Mr. Ludwig, speaking to OCC Northeast District's New England Community Bankers Outreach Program, said the agency will act "within a matter of weeks" to reduce charges for applications related to mergers, trust powers, head office relocations. changes in control, and other corporate activities.

Agency spokeswoman Leonora S. Cross said the fee cuts will be "substantial," but could not provide an estimate of the savings.

Mr. Ludwig said his office has also been trying to save bankers money by streamlining regulations.

Community bankers welcomed the news.

Kenneth Guenther, executive vice president of the Independent Bankers Association of America, said, "People do compare costs." He attributed Mr. Ludwig's move as a response to the 118 banks who have left its supervision in the past two years.

"OCC is having a membership problem - they are losing banks to other regulators," Mr. Guenther said. "This is an across-the-board effort by Ludwig to make staying with the OCC as a regulator more attractive."
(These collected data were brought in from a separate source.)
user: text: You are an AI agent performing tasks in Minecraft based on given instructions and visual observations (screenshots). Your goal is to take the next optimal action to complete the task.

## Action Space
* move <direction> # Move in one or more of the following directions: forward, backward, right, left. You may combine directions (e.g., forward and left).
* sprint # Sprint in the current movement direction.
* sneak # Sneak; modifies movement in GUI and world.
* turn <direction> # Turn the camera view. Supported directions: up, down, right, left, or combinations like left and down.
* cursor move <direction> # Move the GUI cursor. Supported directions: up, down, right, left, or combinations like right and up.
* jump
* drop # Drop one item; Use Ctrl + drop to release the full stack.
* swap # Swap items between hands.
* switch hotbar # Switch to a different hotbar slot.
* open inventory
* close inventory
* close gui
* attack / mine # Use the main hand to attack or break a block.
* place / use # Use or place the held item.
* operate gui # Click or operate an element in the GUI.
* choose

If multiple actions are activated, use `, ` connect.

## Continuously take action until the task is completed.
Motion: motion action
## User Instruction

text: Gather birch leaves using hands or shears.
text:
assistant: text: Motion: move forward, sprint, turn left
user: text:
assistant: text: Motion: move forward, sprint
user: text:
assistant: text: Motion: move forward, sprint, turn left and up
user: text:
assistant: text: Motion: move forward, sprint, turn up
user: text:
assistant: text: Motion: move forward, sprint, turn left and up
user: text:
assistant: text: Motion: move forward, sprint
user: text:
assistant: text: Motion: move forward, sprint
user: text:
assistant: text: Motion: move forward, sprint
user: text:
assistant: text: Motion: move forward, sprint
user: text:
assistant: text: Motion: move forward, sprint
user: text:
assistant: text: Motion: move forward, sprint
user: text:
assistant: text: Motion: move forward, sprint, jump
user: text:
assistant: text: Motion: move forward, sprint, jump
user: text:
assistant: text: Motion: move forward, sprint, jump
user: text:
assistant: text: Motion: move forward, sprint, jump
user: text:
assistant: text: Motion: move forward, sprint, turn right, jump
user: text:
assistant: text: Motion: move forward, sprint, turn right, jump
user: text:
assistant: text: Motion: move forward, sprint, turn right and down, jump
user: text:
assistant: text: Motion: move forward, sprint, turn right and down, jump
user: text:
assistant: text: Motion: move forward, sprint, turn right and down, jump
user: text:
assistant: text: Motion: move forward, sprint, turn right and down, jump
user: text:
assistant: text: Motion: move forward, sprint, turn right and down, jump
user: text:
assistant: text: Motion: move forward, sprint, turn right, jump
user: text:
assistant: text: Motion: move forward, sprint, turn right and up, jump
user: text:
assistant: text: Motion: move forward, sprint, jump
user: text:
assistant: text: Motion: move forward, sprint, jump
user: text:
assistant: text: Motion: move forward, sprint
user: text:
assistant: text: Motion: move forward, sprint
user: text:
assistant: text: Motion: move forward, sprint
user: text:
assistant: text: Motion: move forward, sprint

"That is just not true," said the OCC's Ms. Cross. "This is something we have been looking at for several years. and determined that they are probably high and we should make some adjustments."
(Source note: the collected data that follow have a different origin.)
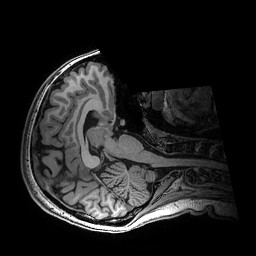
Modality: T1w
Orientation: axial
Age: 18
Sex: female
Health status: healthy
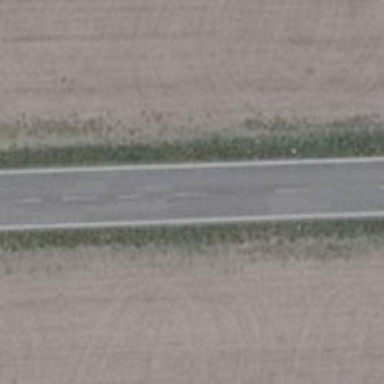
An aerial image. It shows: Tertiary road with asphalt surface.
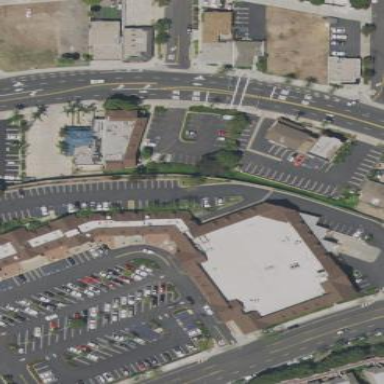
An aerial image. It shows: Supermarket located in building.
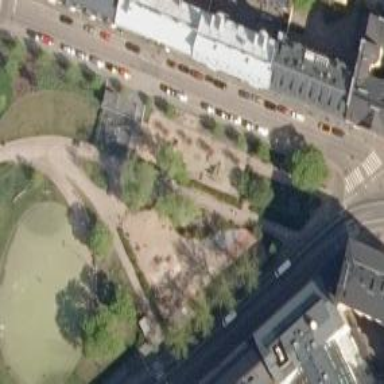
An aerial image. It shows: Playground featuring roundabout.
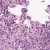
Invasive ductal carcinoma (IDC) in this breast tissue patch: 1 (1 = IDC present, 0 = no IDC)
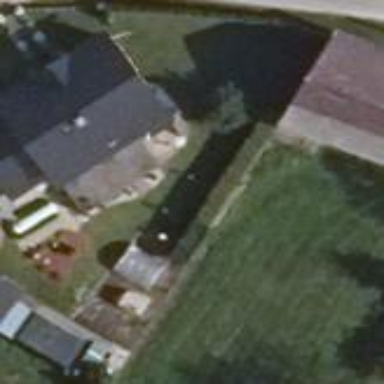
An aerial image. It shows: House with flat dark grey roof.
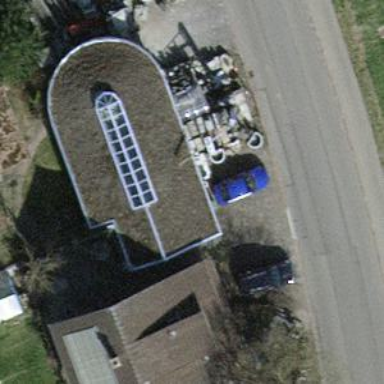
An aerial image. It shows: Building.
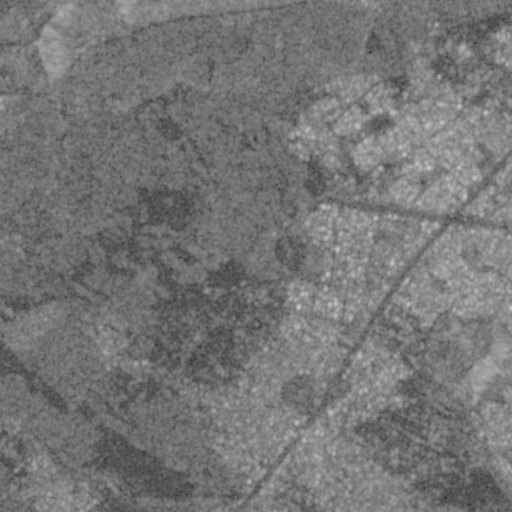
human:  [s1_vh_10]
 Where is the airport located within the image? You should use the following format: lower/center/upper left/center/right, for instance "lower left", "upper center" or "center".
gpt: The airport is located in the lower left of the image.
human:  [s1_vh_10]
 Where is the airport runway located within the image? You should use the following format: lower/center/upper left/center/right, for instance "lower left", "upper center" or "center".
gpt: The airport runway is located in the lower left of the image.
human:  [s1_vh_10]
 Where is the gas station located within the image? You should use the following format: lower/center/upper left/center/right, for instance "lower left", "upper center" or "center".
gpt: The gas station is located in the center right of the image.
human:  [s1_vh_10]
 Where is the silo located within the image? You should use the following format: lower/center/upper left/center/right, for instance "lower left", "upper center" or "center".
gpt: The silo is located in the center right of the image.
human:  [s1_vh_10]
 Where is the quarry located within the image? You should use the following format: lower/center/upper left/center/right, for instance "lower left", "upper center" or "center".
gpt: There is no quarry in the image.

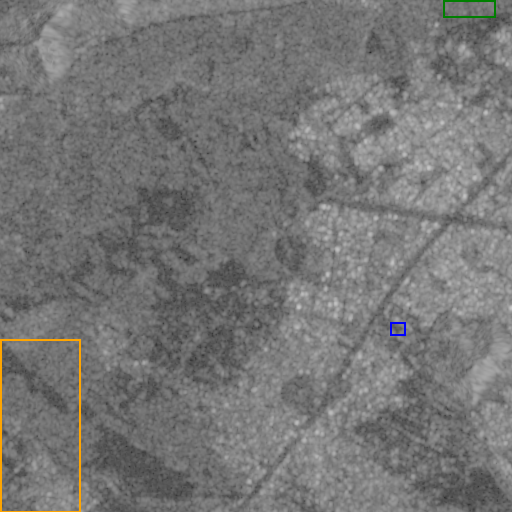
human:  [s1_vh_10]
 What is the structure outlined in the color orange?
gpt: The structure outlined in orange is an airport.
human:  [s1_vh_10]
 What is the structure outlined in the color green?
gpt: The structure outlined in green is a park.
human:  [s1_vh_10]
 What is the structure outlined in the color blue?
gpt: The structure outlined in blue is a silo.
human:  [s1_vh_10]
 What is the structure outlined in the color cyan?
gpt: There is no cyan outline.
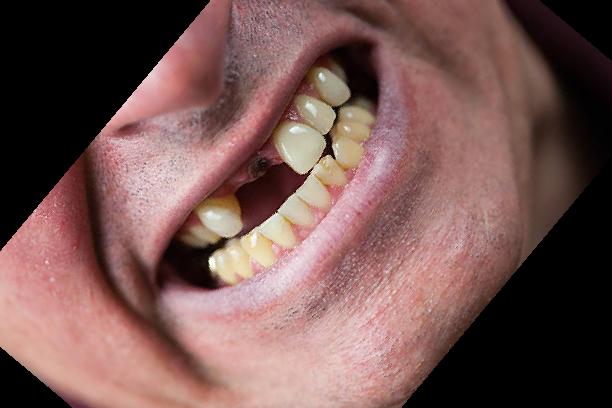
Condition: hypodontia
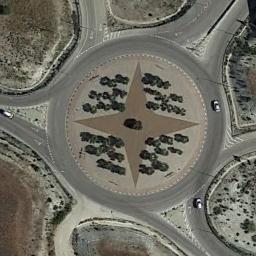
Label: roundabout
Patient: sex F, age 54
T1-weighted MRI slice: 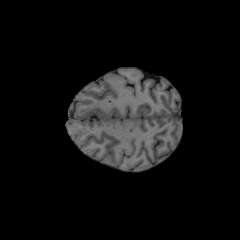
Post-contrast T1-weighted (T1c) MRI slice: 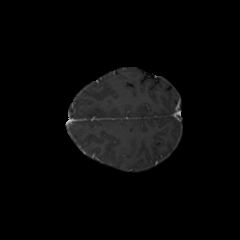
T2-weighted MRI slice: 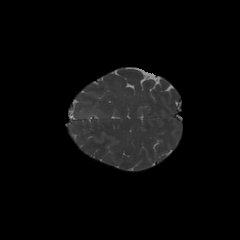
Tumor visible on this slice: no
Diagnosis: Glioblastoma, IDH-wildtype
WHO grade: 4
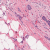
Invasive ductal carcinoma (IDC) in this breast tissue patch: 1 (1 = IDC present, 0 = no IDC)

The Federal Reserve Board, which regulates state-chartered member banks and all bank holding companies, does not charge fees for exams and the Federal Deposit Insurance Corp., which supervises state-chartered banks that do not belong to the Fed, does not directly charge for exams.
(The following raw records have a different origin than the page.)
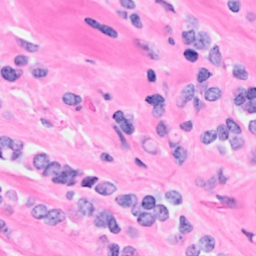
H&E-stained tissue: Breast
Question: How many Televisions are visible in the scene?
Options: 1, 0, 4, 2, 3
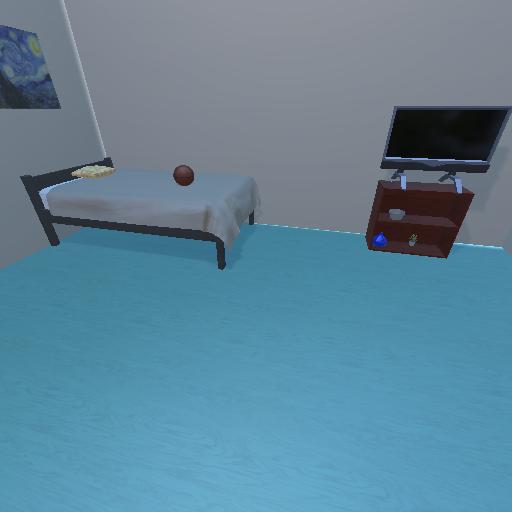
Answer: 1
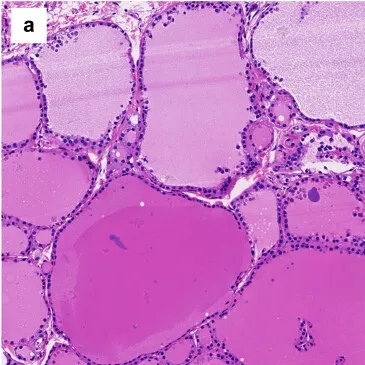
IHC staining of ectopic thyroid tissue. (a) HE staining shows TFCs and colloids.
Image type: pathology (immunostaining)
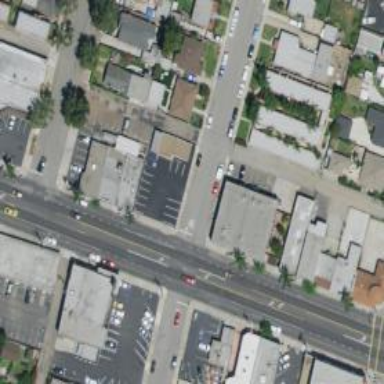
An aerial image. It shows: Alley classified as service road.
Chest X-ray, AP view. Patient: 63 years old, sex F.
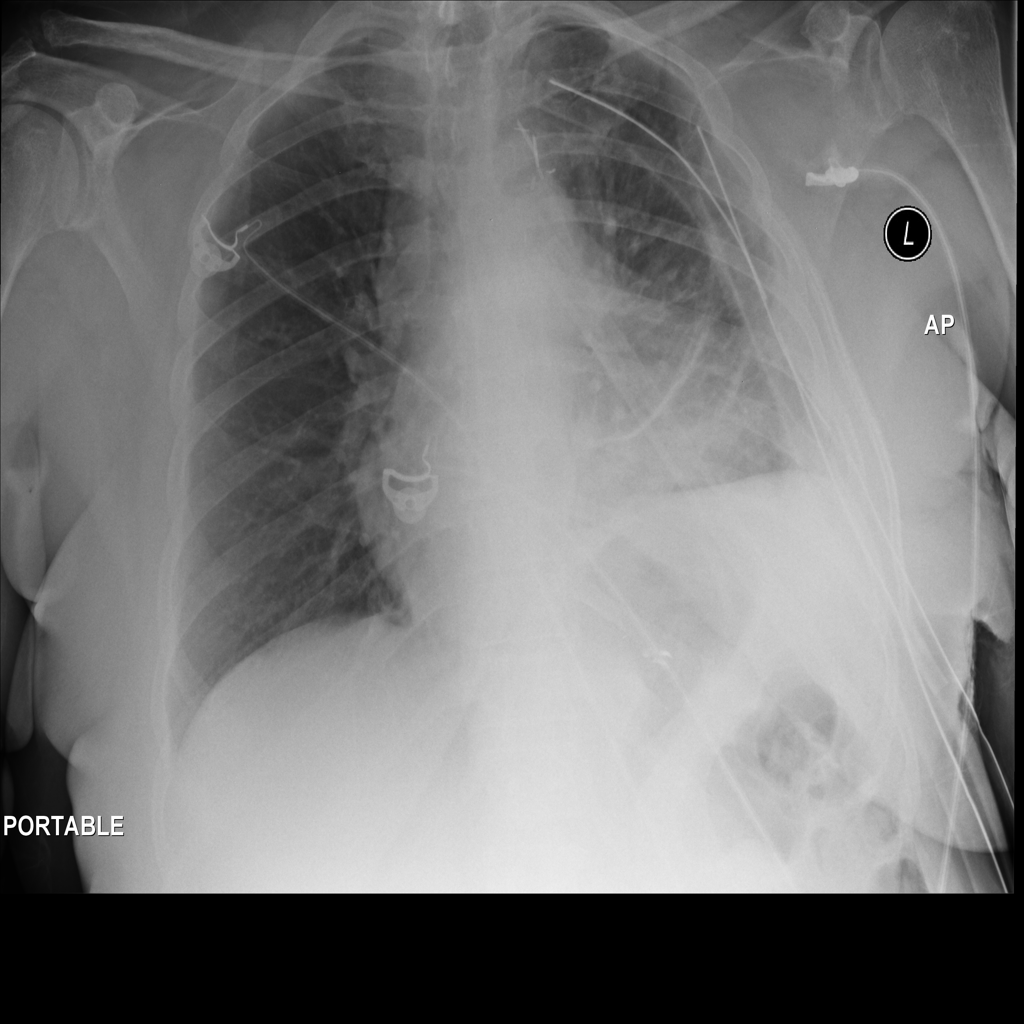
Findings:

The OCC may also lower assessments that cover exam costs. Ms. Cross said that the agency is still deliberating, but, "They are clearly not going to go up.

Mr. Ludwig also described to the bankers gathered in Boston his approach for supervising the nation's largest banks, which has been in place for the last year.

"For each of our largest banks, we now develop an individual risk profile that incorporates all the risks the bank takes on," Mr. Ludwig said.

"We then try to determine whether the risks are appropriate for the individual institution, given its resources, and whether the controls the institution has in place are appropriate to the risks," he added.

He also pointed out that the banking system is in flux as it moves away from traditional lending activities.

"Today, banks make about a third of their income from fees, Mr. Ludwig said.

The OCC "is not exactly sure where that fee income is coming from," Ms. Cross said, and for that reason, regulators "are going to be looking more closely at exactly what activities are generating those fees."

The agency wants to determine to what extent fees contribute to individual bank profits, and whether the banks can count on that level of income in the long term, Ms. Cross said.